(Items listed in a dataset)

+++

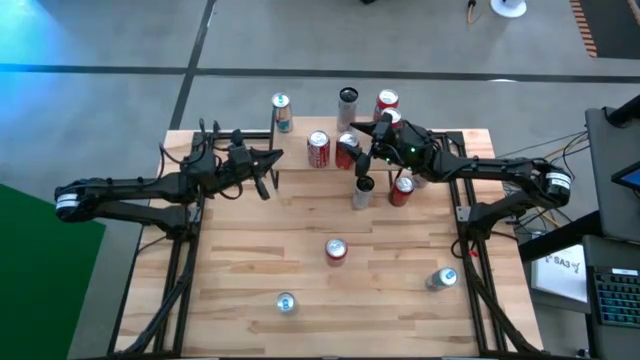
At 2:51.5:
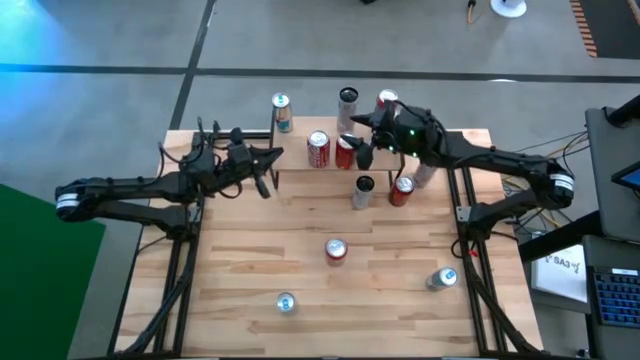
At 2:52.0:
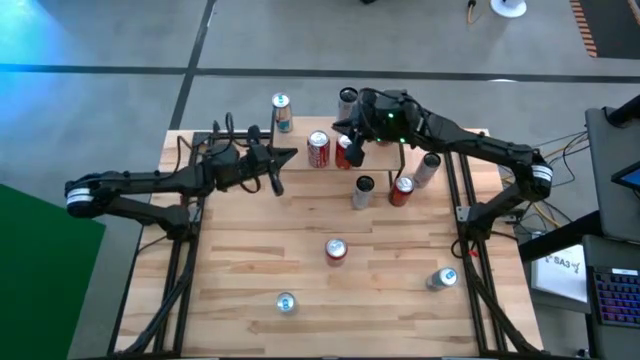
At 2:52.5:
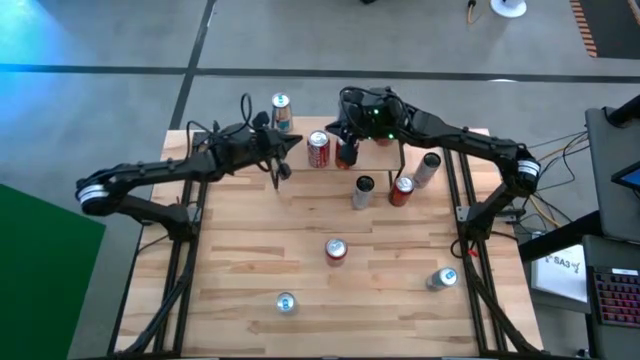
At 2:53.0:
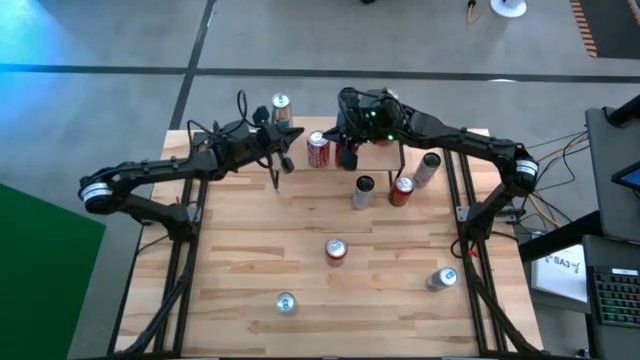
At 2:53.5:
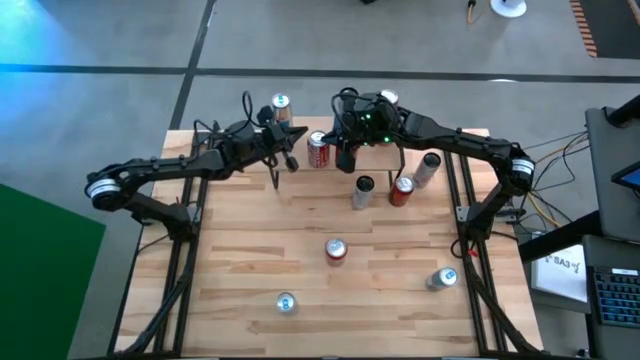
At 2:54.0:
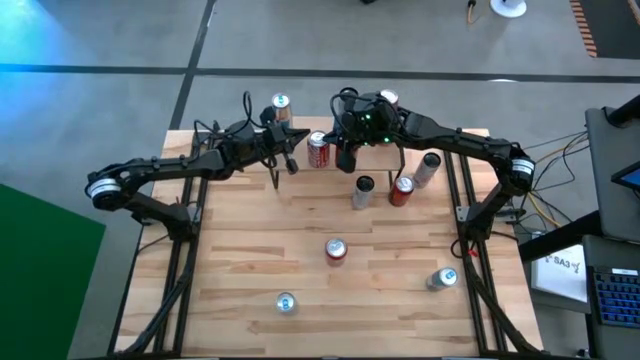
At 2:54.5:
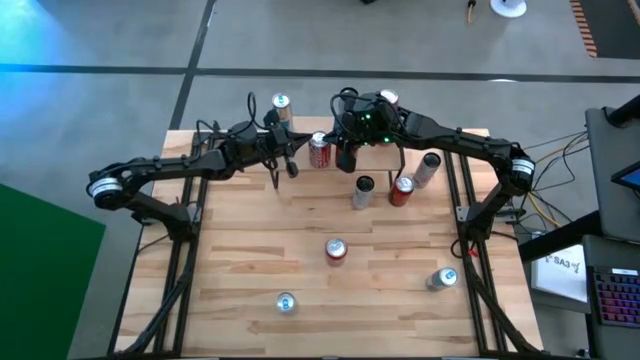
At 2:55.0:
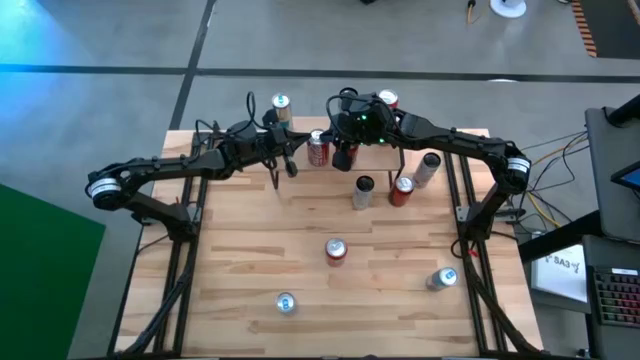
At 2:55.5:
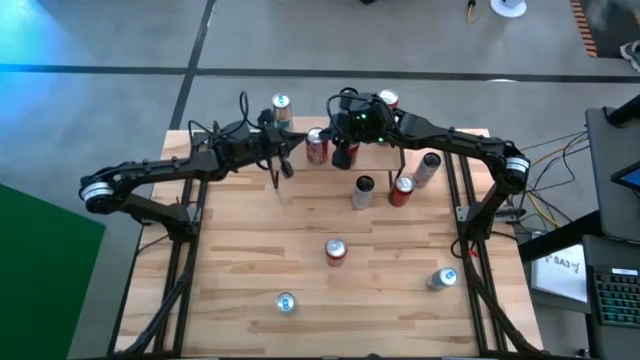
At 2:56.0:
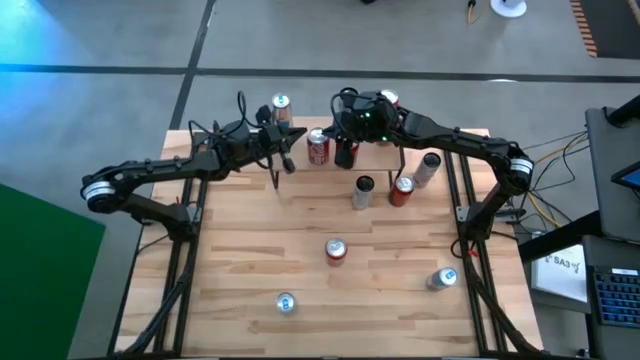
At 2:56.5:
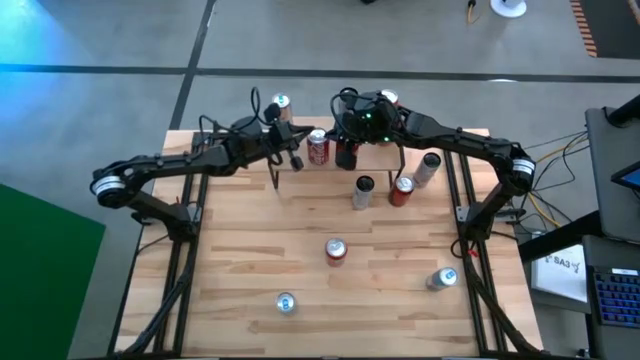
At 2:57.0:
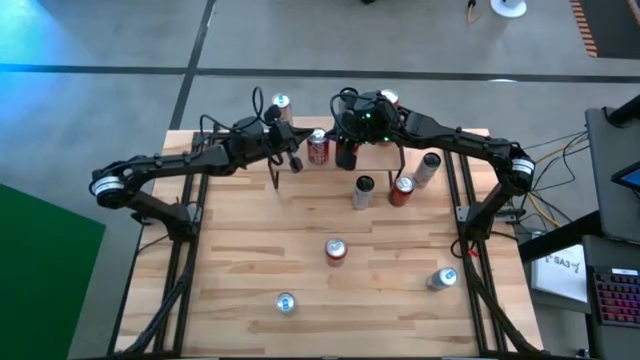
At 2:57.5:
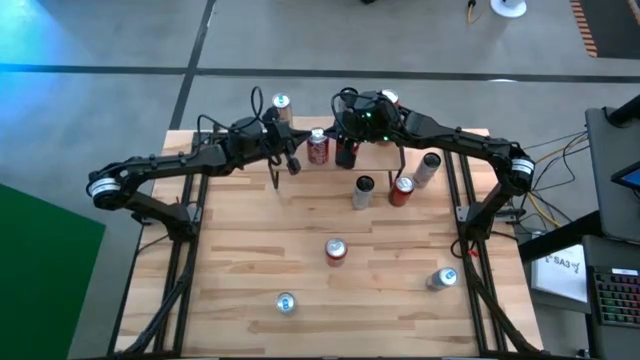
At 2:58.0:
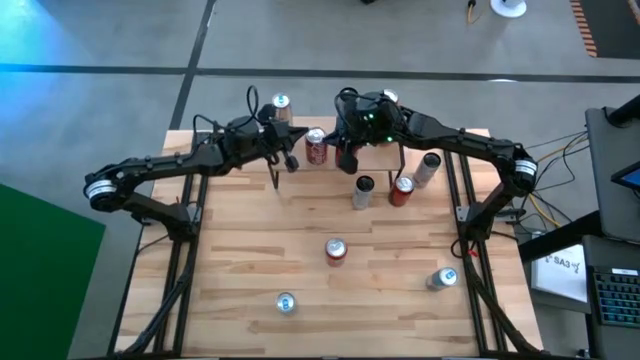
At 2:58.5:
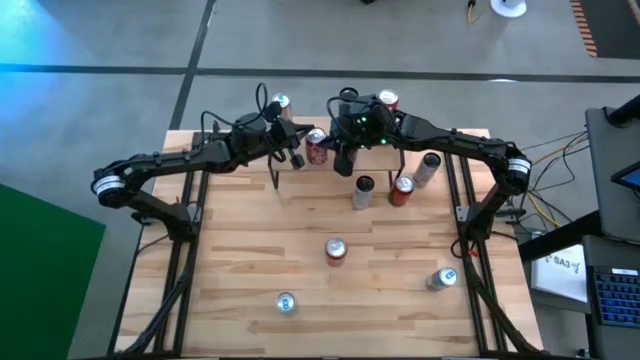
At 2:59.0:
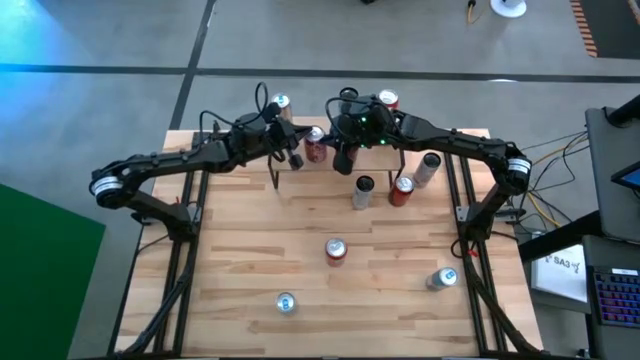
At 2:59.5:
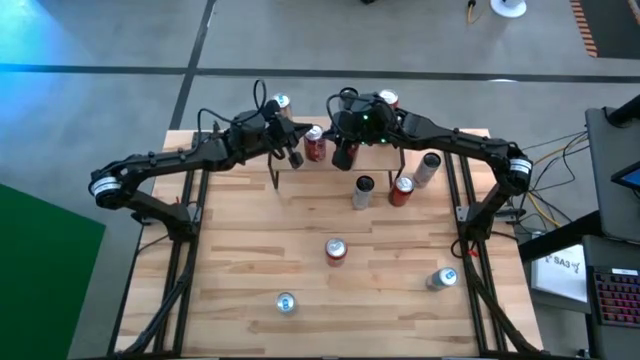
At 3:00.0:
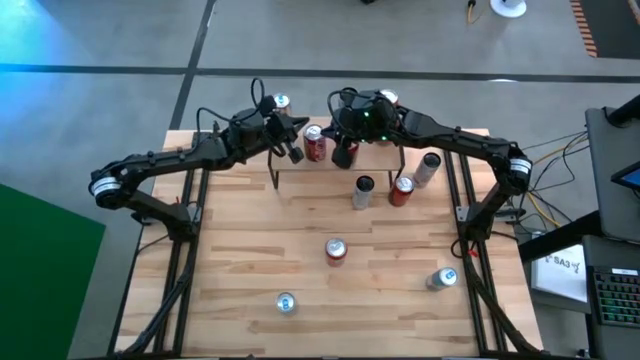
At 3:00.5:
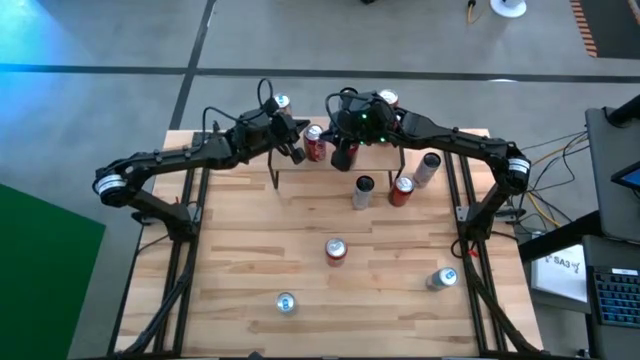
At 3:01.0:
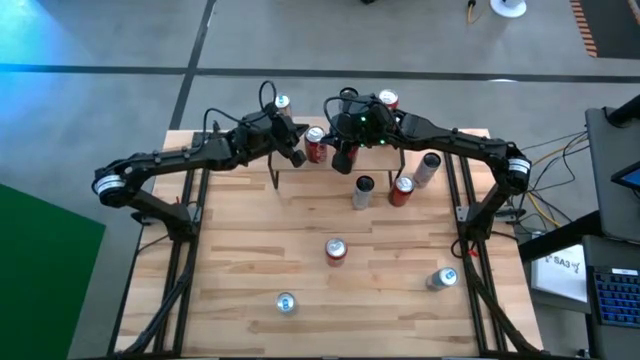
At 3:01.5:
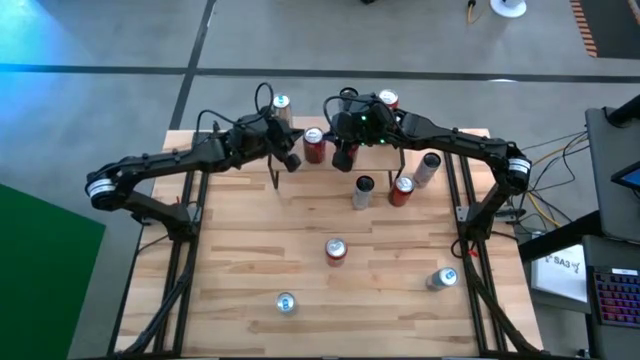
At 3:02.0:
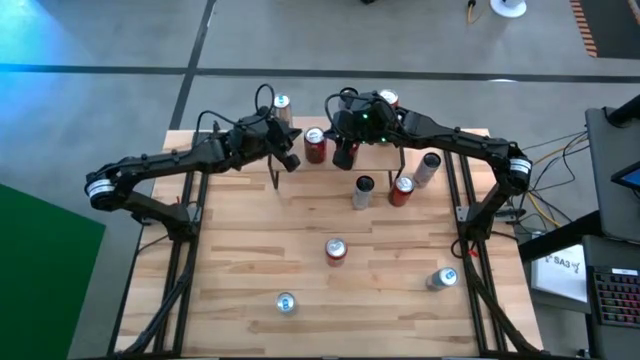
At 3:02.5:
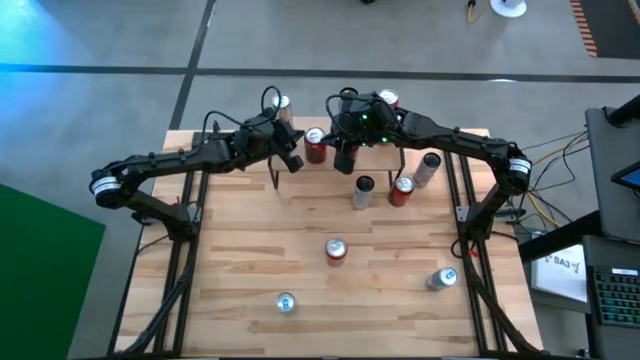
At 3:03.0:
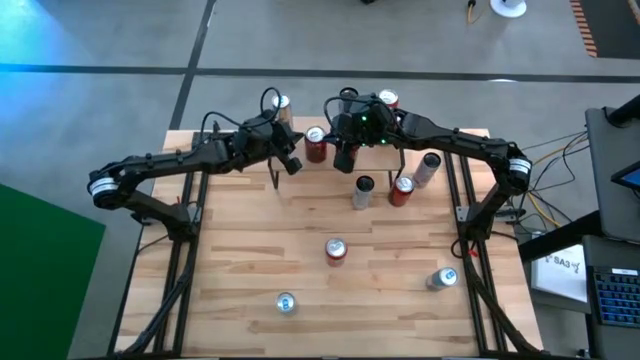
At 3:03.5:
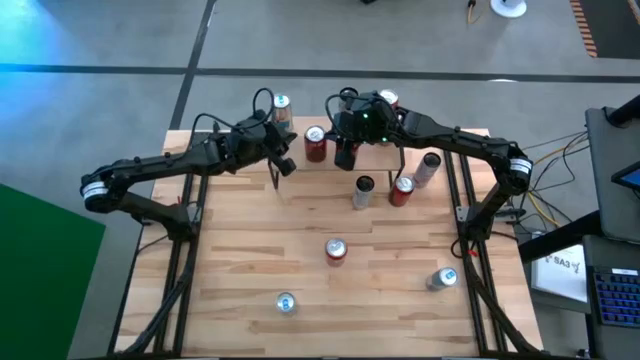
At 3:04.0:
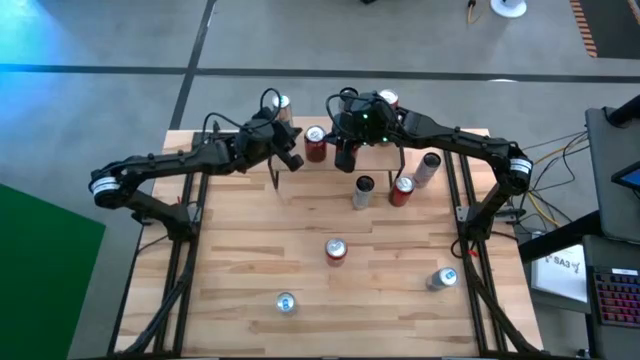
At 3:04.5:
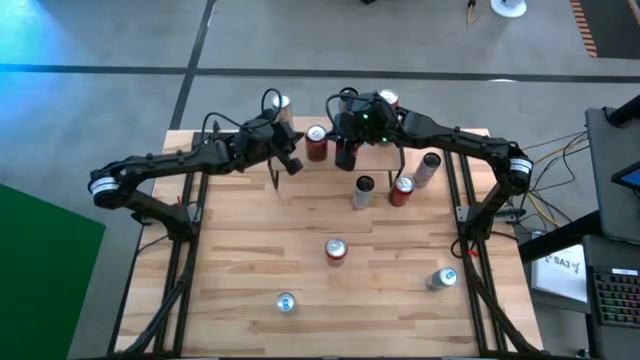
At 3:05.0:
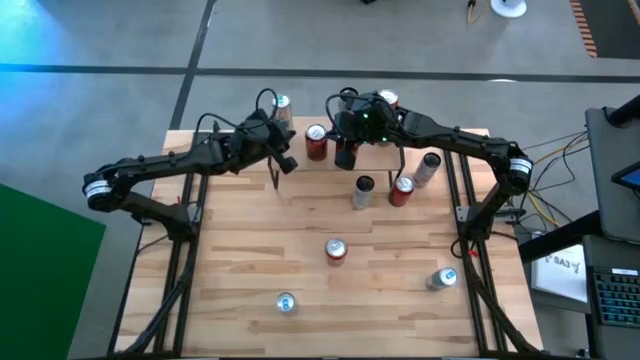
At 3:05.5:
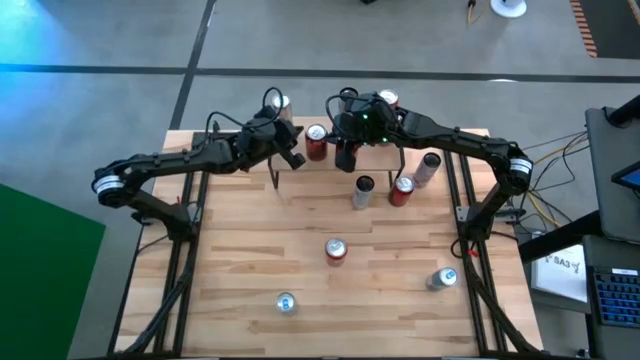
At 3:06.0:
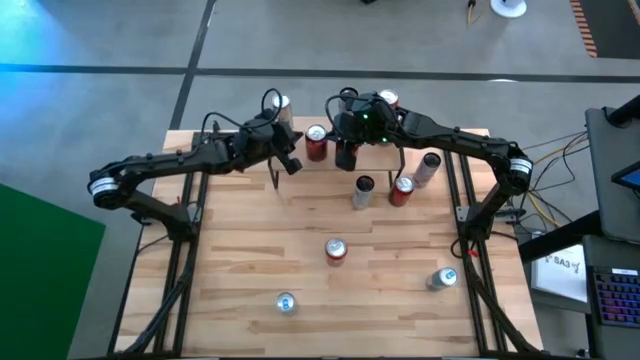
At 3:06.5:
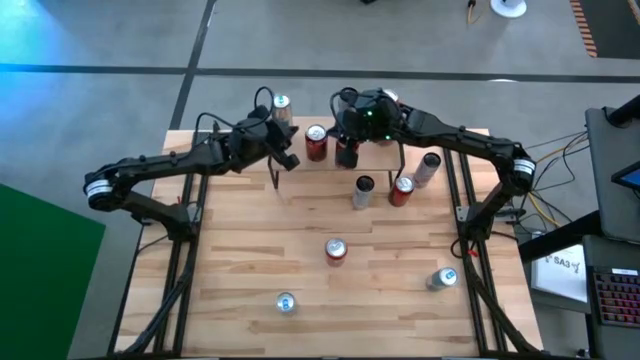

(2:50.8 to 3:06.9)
Task: Place canned beverage on shelf
Adjust the red soda can on the shelf

+++

## WHAT THE TASK ASKS
Every entry above is to be printed again exactly, pictures omitted.

## RESULT OF THE EXERCISE
At 2:51.5:
At 2:52.0:
At 2:52.5:
At 2:53.0:
At 2:53.5:
At 2:54.0:
At 2:54.5:
At 2:55.0:
At 2:55.5:
At 2:56.0:
At 2:56.5:
At 2:57.0:
At 2:57.5:
At 2:58.0:
At 2:58.5:
At 2:59.0:
At 2:59.5:
At 3:00.0:
At 3:00.5:
At 3:01.0:
At 3:01.5:
At 3:02.0:
At 3:02.5:
At 3:03.0:
At 3:03.5:
At 3:04.0:
At 3:04.5:
At 3:05.0:
At 3:05.5:
At 3:06.0:
At 3:06.5:

(2:50.8 to 3:06.9)
Task: Place canned beverage on shelf
Adjust the red soda can on the shelf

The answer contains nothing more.